Material provided>
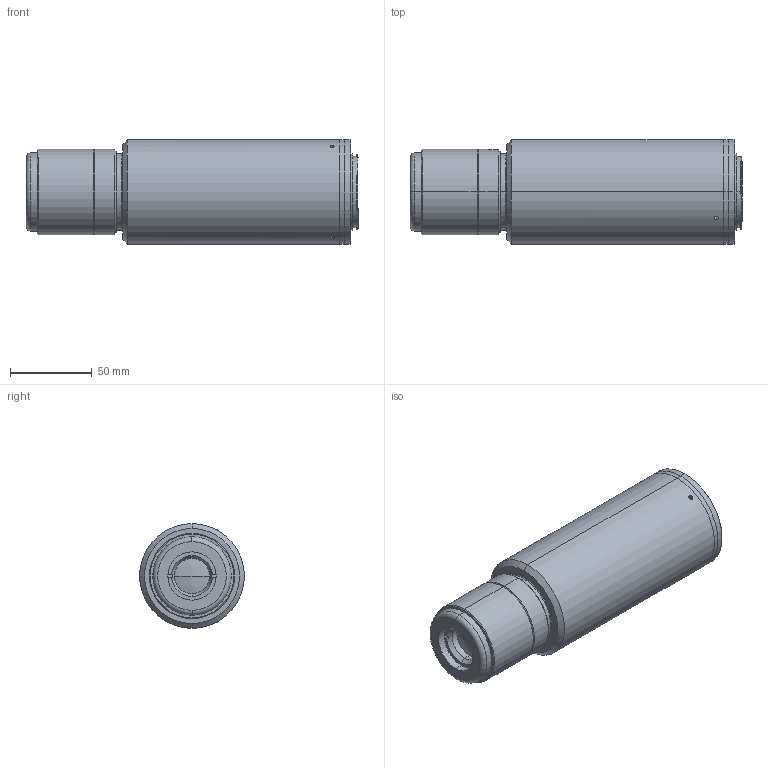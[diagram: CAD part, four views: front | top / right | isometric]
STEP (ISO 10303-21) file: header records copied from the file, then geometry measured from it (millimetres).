
FILE_DESCRIPTION (( 'STEP AP203' ), '1' );
FILE_NAME ('DP23013_MC4K175X-F.step', '2020-09-10T13:37:54', ( '' ), ( '' ), 'SwSTEP 2.0', 'SolidWorks 2020', '' );
FILE_SCHEMA (( 'CONFIG_CONTROL_DESIGN' ));
Length unit declared in the file: millimetre
Products named in the file (1): DP23013_MC4K175X-F
Bounding box: 202.82 x 64 x 64 mm (x, y, z)
Surface area: 77177.5 mm2 (no closed solid volume)
Topology: 0 solids, 9 shells, 106 faces, 300 edges, 204 vertices
Faces by surface type: cylinder 51, plane 29, cone 22, sphere 2, torus 2
Entity records: 3969 total; most frequent: CARTESIAN_POINT 1096, DIRECTION 633, ORIENTED_EDGE 503, EDGE_CURVE 300, AXIS2_PLACEMENT_3D 255, VERTEX_POINT 204, CIRCLE 148, EDGE_LOOP 127

Task directions> Word for word, restate all of the records. Exclude the pictures.

Response>
[diagram: CAD part, four views: front | top / right | isometric]
STEP (ISO 10303-21) file: header records copied from the file, then geometry measured from it (millimetres).
FILE_DESCRIPTION (( 'STEP AP203' ), '1' );
FILE_NAME ('DP23013_MC4K175X-F.step', '2020-09-10T13:37:54', ( '' ), ( '' ), 'SwSTEP 2.0', 'SolidWorks 2020', '' );
FILE_SCHEMA (( 'CONFIG_CONTROL_DESIGN' ));
Length unit declared in the file: millimetre
Products named in the file (1): DP23013_MC4K175X-F
Bounding box: 202.82 x 64 x 64 mm (x, y, z)
Surface area: 77177.5 mm2 (no closed solid volume)
Topology: 0 solids, 9 shells, 106 faces, 300 edges, 204 vertices
Faces by surface type: cylinder 51, plane 29, cone 22, sphere 2, torus 2
Entity records: 3969 total; most frequent: CARTESIAN_POINT 1096, DIRECTION 633, ORIENTED_EDGE 503, EDGE_CURVE 300, AXIS2_PLACEMENT_3D 255, VERTEX_POINT 204, CIRCLE 148, EDGE_LOOP 127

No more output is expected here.